--- START ---

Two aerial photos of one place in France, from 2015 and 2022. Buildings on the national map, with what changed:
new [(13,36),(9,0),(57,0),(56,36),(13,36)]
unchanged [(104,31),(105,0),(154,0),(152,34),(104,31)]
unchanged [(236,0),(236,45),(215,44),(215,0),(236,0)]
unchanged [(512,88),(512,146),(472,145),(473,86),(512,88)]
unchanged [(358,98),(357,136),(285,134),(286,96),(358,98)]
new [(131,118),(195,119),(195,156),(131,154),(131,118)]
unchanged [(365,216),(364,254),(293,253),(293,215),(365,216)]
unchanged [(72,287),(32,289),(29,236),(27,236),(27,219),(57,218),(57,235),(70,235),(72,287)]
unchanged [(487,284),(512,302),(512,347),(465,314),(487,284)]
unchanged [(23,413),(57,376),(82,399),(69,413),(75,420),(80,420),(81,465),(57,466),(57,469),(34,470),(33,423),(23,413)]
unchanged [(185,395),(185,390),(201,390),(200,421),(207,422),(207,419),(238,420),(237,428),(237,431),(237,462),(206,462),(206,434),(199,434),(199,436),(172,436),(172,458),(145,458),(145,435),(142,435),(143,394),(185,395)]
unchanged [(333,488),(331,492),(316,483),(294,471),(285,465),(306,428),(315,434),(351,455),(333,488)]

--- END ---

**Try it:**
Set down the entries above again, word for word.

**Result below:**
Two aerial photos of one place in France, from 2015 and 2022. Buildings on the national map, with what changed:
new [(13,36),(9,0),(57,0),(56,36),(13,36)]
unchanged [(104,31),(105,0),(154,0),(152,34),(104,31)]
unchanged [(236,0),(236,45),(215,44),(215,0),(236,0)]
unchanged [(512,88),(512,146),(472,145),(473,86),(512,88)]
unchanged [(358,98),(357,136),(285,134),(286,96),(358,98)]
new [(131,118),(195,119),(195,156),(131,154),(131,118)]
unchanged [(365,216),(364,254),(293,253),(293,215),(365,216)]
unchanged [(72,287),(32,289),(29,236),(27,236),(27,219),(57,218),(57,235),(70,235),(72,287)]
unchanged [(487,284),(512,302),(512,347),(465,314),(487,284)]
unchanged [(23,413),(57,376),(82,399),(69,413),(75,420),(80,420),(81,465),(57,466),(57,469),(34,470),(33,423),(23,413)]
unchanged [(185,395),(185,390),(201,390),(200,421),(207,422),(207,419),(238,420),(237,428),(237,431),(237,462),(206,462),(206,434),(199,434),(199,436),(172,436),(172,458),(145,458),(145,435),(142,435),(143,394),(185,395)]
unchanged [(333,488),(331,492),(316,483),(294,471),(285,465),(306,428),(315,434),(351,455),(333,488)]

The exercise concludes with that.